Вот тут Фриц возражает. Он считает, что причиной их неприятностей была вовсе не отеческая опека рабочих и что такое отношение к сотрудникам не может «выйти из моды». Их компания строила для своих рабочих жилые свои счет коллективные выезды на природу; Компания же снимала для них рестораны на Рождество, и дед мороз раздавал подарки всем без исключения.
«Мы хорошо относились к нашим работникам. И у нас с ними были прекрасные отношения, пока не появились эти профсоюзы и не испортили все. Профсоюзные боссы заявляли рабочим, что даже если хозяин и прав на все сто процентов, то все равна нужно все делать поперек, потому что с любым хозяином надо бороться и никогда не признавать его правоту».
Но многие сотрудники компании вспоминают об этом несколько иначе. Они утверждают, что отеческая забота братьев Шлумпф была только вывеской, за которой скрывались прижимистость (особенно в отношении размеров зарплаты), заносчивость и авторитаризм. Находятся и такие, кто рассказывает, что Фриц имел привычку шпионить за своими сотрудниками сквозь отверстия в крыше здания.
При таких обвинениях Фриц впадает в негодование.
«Эти дерьмовые профсоюзы настроили моих рабочих против меня! То, что город Мюлуз сделал по отношению ко мне и к моему брату, иначе как позором и бесстыдством не назовешь».
И не он один придерживается такого мнения.
Самое интересное, что с ним вполне солидарен человек, который расследовал деятельность братьев во время войны, Бернар Тьери-Миг.
В 1981 году, когда ему уже было семьдесят восемь лет, он заявил одному репортеру, что, по его мнению, со Шлумпфами поступили бесчестно. И это после того, как он отказывался публично высказываться о братьях в течение всего времени, которое прошло со дня окончания его расследования. Он сказал, что Шлумпфы обанкротились не потому, что растрачивали фонды компании, а потому, что европейская текстильная промышленность перестала быть конкурентоспособной на мировом рынке. Впрочем, он отнюдь не считал Шлумпфов хорошими администраторами.
«Но ничего из того, что они сделали, не заслуживает того, чтобы конфисковать их машины. То, что произошло после их банкротства в 1976 году, было сделано с одной целью: купить их коллекцию по возможно низкой цене. И все это очень дурно пахнет».
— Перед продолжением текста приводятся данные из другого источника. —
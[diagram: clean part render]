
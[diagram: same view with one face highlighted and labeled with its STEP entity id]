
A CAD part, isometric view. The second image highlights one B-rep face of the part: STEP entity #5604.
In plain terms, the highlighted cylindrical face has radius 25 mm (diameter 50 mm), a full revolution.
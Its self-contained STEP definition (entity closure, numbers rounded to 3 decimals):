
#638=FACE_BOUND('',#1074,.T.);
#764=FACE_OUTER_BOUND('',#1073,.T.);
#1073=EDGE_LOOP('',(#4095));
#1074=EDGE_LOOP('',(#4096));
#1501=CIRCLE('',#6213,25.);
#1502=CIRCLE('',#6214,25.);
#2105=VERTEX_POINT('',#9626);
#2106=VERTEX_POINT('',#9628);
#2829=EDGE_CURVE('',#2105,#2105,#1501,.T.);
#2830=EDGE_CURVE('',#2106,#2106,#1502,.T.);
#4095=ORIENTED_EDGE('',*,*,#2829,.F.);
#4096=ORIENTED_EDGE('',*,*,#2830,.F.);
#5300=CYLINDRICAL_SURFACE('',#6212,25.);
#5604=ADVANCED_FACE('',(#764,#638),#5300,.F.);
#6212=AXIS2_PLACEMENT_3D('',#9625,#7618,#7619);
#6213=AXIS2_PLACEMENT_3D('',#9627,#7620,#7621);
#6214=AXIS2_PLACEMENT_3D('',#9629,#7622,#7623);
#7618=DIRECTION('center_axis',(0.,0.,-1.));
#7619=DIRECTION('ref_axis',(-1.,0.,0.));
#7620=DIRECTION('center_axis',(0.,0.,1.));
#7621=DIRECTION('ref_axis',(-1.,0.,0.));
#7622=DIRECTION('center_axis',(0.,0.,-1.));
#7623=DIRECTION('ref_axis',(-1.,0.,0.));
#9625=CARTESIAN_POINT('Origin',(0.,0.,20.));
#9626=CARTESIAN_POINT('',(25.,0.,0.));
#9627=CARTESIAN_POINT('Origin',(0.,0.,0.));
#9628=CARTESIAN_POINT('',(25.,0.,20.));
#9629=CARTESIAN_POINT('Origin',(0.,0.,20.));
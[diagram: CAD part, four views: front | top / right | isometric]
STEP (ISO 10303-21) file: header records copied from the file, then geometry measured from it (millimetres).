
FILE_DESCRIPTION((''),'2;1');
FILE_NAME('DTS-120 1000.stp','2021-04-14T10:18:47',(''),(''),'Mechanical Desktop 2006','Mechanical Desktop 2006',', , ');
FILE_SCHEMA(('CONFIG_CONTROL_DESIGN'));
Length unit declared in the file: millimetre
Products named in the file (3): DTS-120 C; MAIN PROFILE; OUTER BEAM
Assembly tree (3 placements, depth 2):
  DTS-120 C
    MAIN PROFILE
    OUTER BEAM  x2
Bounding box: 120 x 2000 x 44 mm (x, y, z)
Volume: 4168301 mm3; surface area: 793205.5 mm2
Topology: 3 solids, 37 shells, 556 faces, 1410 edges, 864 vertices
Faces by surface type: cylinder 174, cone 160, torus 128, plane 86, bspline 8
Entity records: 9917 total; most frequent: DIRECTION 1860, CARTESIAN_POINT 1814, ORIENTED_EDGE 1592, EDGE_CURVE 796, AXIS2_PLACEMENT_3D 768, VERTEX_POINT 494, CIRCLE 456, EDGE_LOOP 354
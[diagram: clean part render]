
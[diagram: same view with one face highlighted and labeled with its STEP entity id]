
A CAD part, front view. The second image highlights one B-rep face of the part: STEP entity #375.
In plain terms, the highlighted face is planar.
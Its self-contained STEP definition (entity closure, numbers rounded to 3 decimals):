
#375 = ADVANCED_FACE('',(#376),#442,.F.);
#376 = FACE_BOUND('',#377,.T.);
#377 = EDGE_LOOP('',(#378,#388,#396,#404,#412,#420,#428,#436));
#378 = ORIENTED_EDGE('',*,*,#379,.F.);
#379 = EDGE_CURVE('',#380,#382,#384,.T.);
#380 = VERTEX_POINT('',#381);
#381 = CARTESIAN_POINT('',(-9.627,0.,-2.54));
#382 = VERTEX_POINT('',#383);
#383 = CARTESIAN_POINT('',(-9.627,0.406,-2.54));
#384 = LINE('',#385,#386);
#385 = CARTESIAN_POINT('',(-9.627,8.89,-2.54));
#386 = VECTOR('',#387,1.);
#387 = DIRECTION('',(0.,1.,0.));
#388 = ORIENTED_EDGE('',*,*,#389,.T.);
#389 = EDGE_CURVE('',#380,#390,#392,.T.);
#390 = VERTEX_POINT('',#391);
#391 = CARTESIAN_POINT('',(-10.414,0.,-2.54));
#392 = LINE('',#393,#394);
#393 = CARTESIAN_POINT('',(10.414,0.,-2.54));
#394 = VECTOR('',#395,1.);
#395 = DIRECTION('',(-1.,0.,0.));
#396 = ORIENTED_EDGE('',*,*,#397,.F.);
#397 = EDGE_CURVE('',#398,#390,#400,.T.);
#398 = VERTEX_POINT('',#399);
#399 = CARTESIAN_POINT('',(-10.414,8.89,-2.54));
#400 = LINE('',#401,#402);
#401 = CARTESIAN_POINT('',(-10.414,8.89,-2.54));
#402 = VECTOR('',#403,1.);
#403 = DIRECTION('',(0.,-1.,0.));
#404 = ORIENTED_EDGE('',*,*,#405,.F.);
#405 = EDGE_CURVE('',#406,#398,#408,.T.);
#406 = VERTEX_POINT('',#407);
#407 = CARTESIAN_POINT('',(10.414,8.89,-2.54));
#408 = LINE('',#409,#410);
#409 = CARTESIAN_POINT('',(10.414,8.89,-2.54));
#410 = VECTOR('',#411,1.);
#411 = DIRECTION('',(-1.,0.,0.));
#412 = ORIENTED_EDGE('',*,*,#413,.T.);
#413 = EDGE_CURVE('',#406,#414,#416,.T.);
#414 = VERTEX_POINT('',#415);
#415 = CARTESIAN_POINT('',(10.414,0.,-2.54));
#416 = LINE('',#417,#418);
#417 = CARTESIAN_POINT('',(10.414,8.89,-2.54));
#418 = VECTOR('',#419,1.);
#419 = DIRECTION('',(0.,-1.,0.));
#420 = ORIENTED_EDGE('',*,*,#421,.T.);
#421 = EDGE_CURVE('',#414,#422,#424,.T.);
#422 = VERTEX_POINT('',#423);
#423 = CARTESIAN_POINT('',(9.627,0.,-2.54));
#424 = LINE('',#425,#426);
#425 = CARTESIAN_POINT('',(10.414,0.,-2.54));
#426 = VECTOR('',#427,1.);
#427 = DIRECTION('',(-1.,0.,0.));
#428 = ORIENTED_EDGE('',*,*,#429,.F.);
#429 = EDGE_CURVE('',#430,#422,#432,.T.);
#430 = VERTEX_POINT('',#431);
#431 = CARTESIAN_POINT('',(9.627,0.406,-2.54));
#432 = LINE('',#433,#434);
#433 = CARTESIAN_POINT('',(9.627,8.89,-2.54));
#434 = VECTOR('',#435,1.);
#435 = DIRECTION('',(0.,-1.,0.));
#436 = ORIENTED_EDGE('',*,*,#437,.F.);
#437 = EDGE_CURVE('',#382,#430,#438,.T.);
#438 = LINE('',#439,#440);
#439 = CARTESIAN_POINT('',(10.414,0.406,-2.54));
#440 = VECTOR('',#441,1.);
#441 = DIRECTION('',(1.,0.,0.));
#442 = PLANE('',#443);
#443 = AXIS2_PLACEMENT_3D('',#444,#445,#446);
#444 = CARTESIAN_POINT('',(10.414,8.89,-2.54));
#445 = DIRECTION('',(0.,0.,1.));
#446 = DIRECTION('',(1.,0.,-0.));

Не сумев завладеть музеем иными способами и отлично понимая, какие перспективы он сулит для туристского бизнеса, городские власти Мюлуза и департамента Верхний Рейн решили для достижения своей цели воспользоваться банкротством братьев. Они выкупили музей у ликвидаторов, после того как некие «эксперты» оценили его в сорок четыре миллиона франков. Город и департамент собрали необходимую сумму и заявили о своем праве на коллекцию.
Но оценить такую выдающуюся коллекцию не так просто, как казалось французским судебным инстанциям.
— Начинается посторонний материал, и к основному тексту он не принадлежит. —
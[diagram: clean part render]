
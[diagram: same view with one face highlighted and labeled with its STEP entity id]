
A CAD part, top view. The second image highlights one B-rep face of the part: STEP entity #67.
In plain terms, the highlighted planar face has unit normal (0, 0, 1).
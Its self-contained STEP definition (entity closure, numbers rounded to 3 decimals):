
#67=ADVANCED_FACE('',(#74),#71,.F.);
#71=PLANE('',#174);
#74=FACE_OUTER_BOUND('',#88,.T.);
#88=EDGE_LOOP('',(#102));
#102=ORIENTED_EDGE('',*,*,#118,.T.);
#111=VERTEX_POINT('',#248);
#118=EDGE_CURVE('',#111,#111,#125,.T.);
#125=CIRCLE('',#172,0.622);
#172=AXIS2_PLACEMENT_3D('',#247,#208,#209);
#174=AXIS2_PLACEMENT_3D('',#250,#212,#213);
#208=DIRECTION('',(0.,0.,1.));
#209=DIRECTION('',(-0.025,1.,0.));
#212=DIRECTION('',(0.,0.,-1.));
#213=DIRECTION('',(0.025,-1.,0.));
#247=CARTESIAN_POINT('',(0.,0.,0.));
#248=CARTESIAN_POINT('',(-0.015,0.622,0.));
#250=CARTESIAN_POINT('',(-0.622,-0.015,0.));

Фриц Шлумпф утверждает, что сегодня она стоит более шестисот миллионов франков, что составляет более — шестидесяти миллионов фунтов, или девяносто миллионов долларов.
Но когда кто-нибудь утверждает, что такая-то коллекция стоит столько-то и столько-то, то напрашивается вопрос: стоит для кого?
И вот здесь французские власти все очень хорошо продумали.
Первым делом, еще до того как коллекцию оценили, она была объявлена историческим памятником. И таким образом, согласно строгим французским законам, ее теперь нельзя было вывезти из страны. Ей надлежало непременно остаться во Франции. Это сразу сузило круг потенциальных покупателей. Суд также вынес постановление, что вся коллекция должна быть продана в одни руки, а не распродана по отдельности, и запретил выставлять ее на открытом аукционе. Все это сократило количество желающих купить коллекцию до одного покупателя консорциума, состоявшего из городских властей Мюлуза, департамента Верхний Рейн, Торговой палаты Мюлуза и местных туристических бюро. Французский суд попросту не дал возможности ликвидаторам получить за коллекцию ту (настоящую!) цену, которую она могла бы собрать на международном аукциона.